Entscheidungsstichwort (Thema)

Erlass von Steuerforderungen und Säumniszuschlägen

 

Leitsatz (redaktionell)

1) Nach Eintritt der Bestandskraft eines Steuerbescheides kommt ein Steuererlass wegen sachlicher Unbilligkeit nur dann in Betracht, wenn die Steuerfestsetzung offensichtlich und eindeutig unrichtig ist und es dem Steuerpflichtigen nicht möglich und nicht zumutbar war, sich rechtzeitig gegen die Fehlerhaftigkeit zu wehren.

2) Säumniszuschläge sind wegen sachlicher Unbilligkeit zur Hälfte zu erlassen, wenn dem Steuerpflichtigen die rechtzeitige Zahlung der Steuern wegen Überschuldung und Zahlungsunfähigkeit unmöglich ist.

3) Zu den Voraussetzungen eines Steuererlasses wegen persönlicher Unbilligkeit (Erlassbedürftigkeit und Erlasswürdigkeit).

 

Normenkette

AO § 227

 

Nachgehend

BFH (Aktenzeichen VIII B 136/10)

 

Tatbestand

Streitig ist der Erlass von Steuerforderungen gegen den Kläger, die sich nach dem Stand der Einspruchsentscheidung vom 17.03.2008 auf 45.774,15 EUR belaufen. Der Kläger ist heute 73 Jahre alt und Rentner.

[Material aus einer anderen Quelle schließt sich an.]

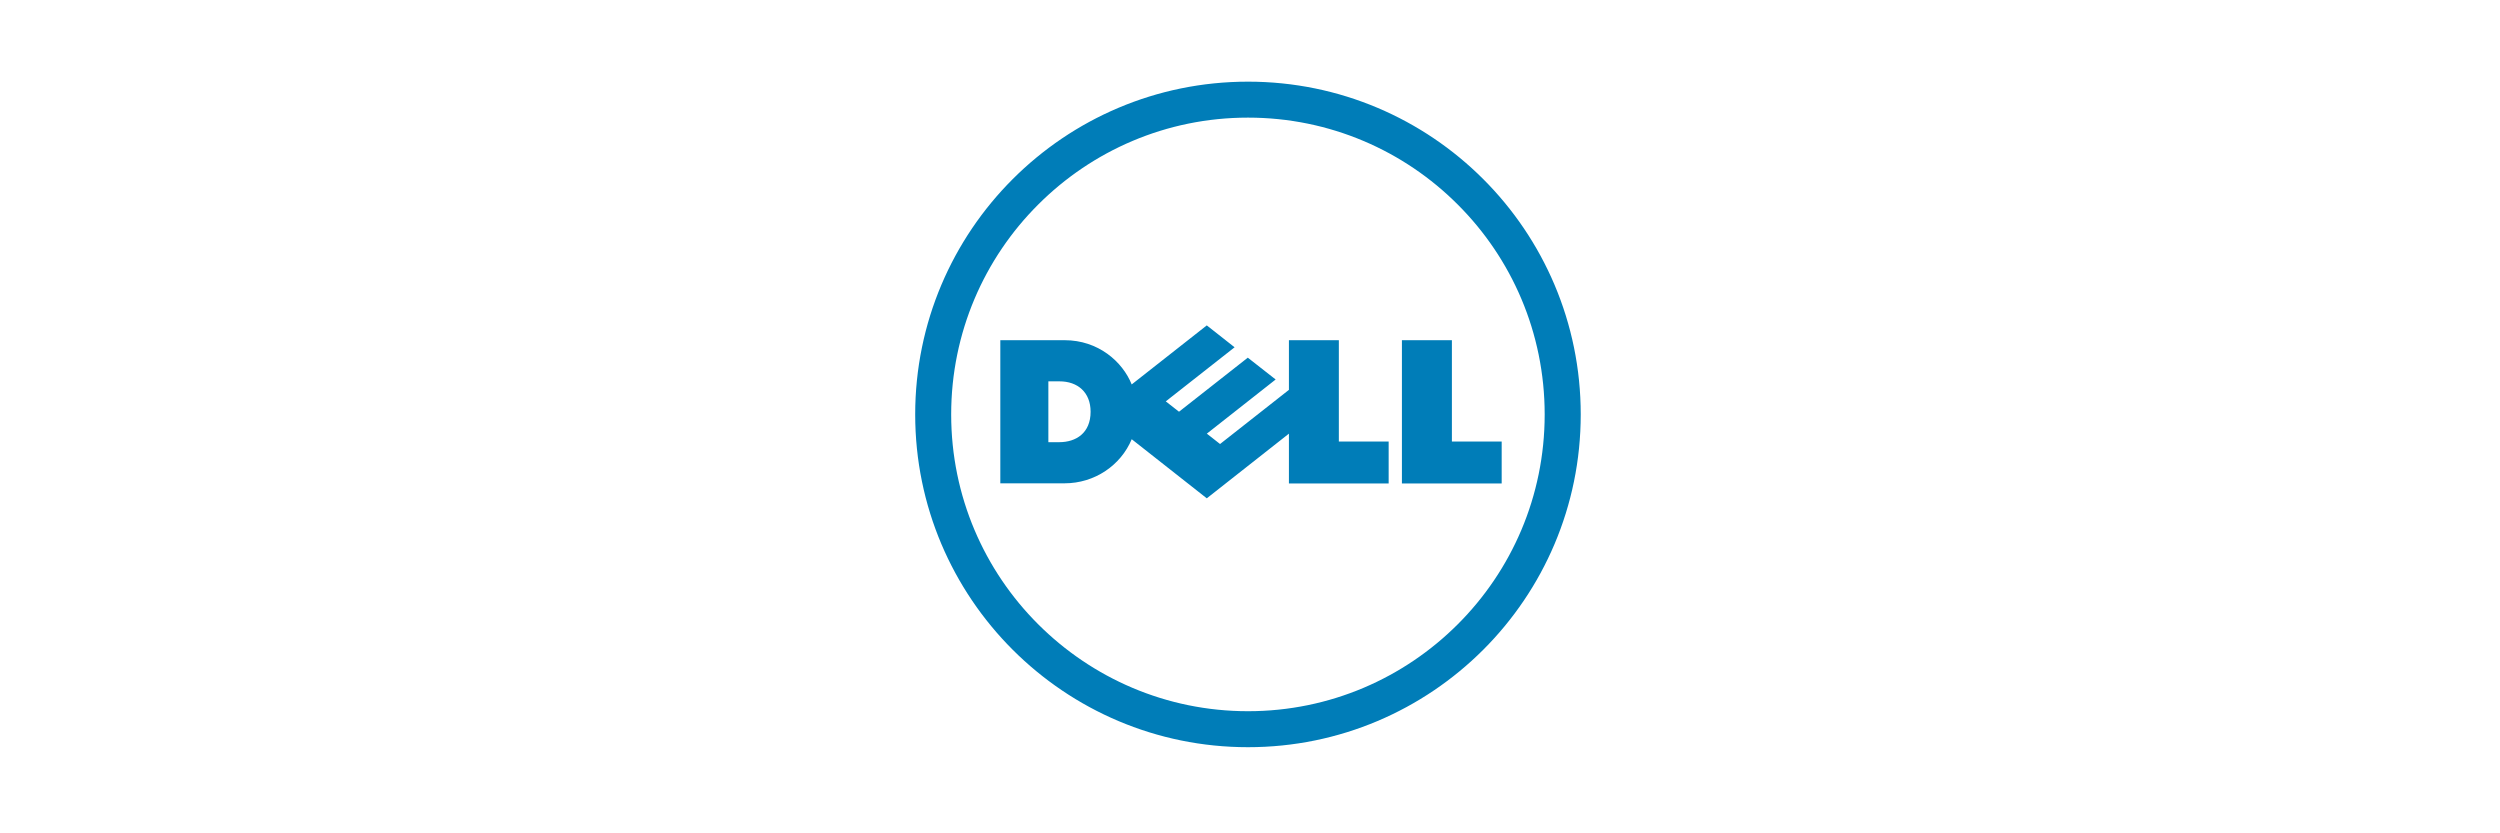 <?xml version="1.0" encoding="utf-8"?>
<svg xmlns="http://www.w3.org/2000/svg" id="svg3737" width="300" height="100"><defs id="defs3741"><linearGradient id="linearGradient6309"><stop offset="0" id="stop6307"/></linearGradient><linearGradient id="linearGradient6303"><stop offset="0" id="stop6301"/></linearGradient><linearGradient id="linearGradient4839"><stop offset="0" id="stop4837"/></linearGradient></defs><style id="style3729"></style><g transform="matrix(.268 0 0 .268 24.242 -108.32)" id="logo_dell"><g transform="matrix(4.58 0 0 -4.58 468.343 456.846)" id="g3460"><path id="path3462" d="M0 0c-8.01 0-15.264-3.249-20.516-8.505-5.254-5.244-8.501-12.502-8.501-20.516 0-8.008 3.247-15.261 8.501-20.507C-15.264-54.777-8.01-58.032 0-58.032c8.012 0 15.27 3.255 20.514 8.504 5.252 5.246 8.492 12.499 8.492 20.507 0 8.014-3.24 15.272-8.492 20.516C15.27-3.249 8.012 0 0 0m0 3.516c17.965 0 32.531-14.568 32.531-32.537C32.531-46.984 17.965-61.55 0-61.55c-17.963 0-32.535 14.566-32.535 32.529C-32.535-11.052-17.963 3.516 0 3.516" fill="#007db8"/></g><g transform="matrix(4.58 0 0 -4.58 397.872 588.547)" id="g3464"><path id="path3466" d="M0 0c0 1.896-1.258 2.973-3.039 2.973h-1.09v-5.948h1.059C-1.414-2.975 0-2.075 0 0m19.389-2.14l-8.03-6.323L4.02-2.685C2.961-5.229.402-6.996-2.545-6.996h-6.281V6.996h6.281c3.293 0 5.666-2.094 6.563-4.325l7.341 5.772 2.719-2.14L7.35 1.015 8.643.003l6.726 5.285 2.723-2.134-6.727-5.294 1.291-1.014 6.733 5.295v4.855h4.881v-9.908h4.869v-4.101h-9.75zm15.933-.774h4.867v-4.099h-9.753V6.996h4.886z" fill="#007db8"/></g></g></svg>

Der Kläger war bis zu dem Widerruf seiner Anwaltszulassung im Januar 1991 als Rechtsanwalt freiberuflich tätig. Außerdem betätigte er sich als Einzelunternehmer gewerblich u.a. unter dem Firmenmantel A KG bzw. C-A KG und der A Versicherungs-Beratungs-GmbH. Weiterhin trat der Kläger als Vermieter von Wohnmobilen, als Versicherungsvertreter und als selbständiger Unternehmensberater in Erscheinung. In den Jahren 1990 bis 1992 führte der Beklagte bei dem Kläger eine Betriebsprüfung für die Jahre 1986 bis 1990 durch, die wegen gravierender Aufzeichnungsmängel zur Verwerfung der Buchführung und zu Hinzuschätzungen von Umsätzen und Erlösen führte. Insoweit wird auf den Inhalt der beiden Betriebsprüfungsberichte vom 23.09.1992 für den Kläger und die Gesellschaften verwiesen. Im Oktober 1991 wurde darüber hinaus durch das Finanzamt für Steuerstrafsachen und Steuerfahndung D ein Strafverfahren gegen den Kläger eingeleitet. Im Ergebnis wurde der Kläger durch Urteil des Amtsgerichts D vom 28.02.2000 u.a. wegen Einkommensteuerhinterziehung verurteilt. In der Folge kam es zu zahlreichen Rechtsbehelfs- und Klageverfahren des Klägers gegen die aufgrund der durchgeführten Betriebsprüfung erlassenen Steuerbescheide. Die vom 15. Senat des Finanzgerichts Köln in diesem Zusammenhang am 19.11.2001 erlassenen Urteile wurden allesamt rechtskräftig. Hierbei handelt es sich unter anderem um die Urteile in folgenden Verfahren: 15 K 841/95 wegen Einkommensteuer 1986 – 1988, 15 K 6613/01 wegen Einkommensteuer 1990, 15 K 5286/95 wegen Einkommensteuer 1987, 15 K 6625/01 wegen Einkommensteuer 1989, 15 K 3648/95 wegen Einkommen- und Umsatzsteuer 1986 bis 1990 und 15 K 675/95 wegen Umsatzsteuer 1986 bis 1990. Die Urteile wurden dem Kläger ausweislich der Postzustellungsurkunde am 02.02.2002 durch persönliche Übergabe zugestellt.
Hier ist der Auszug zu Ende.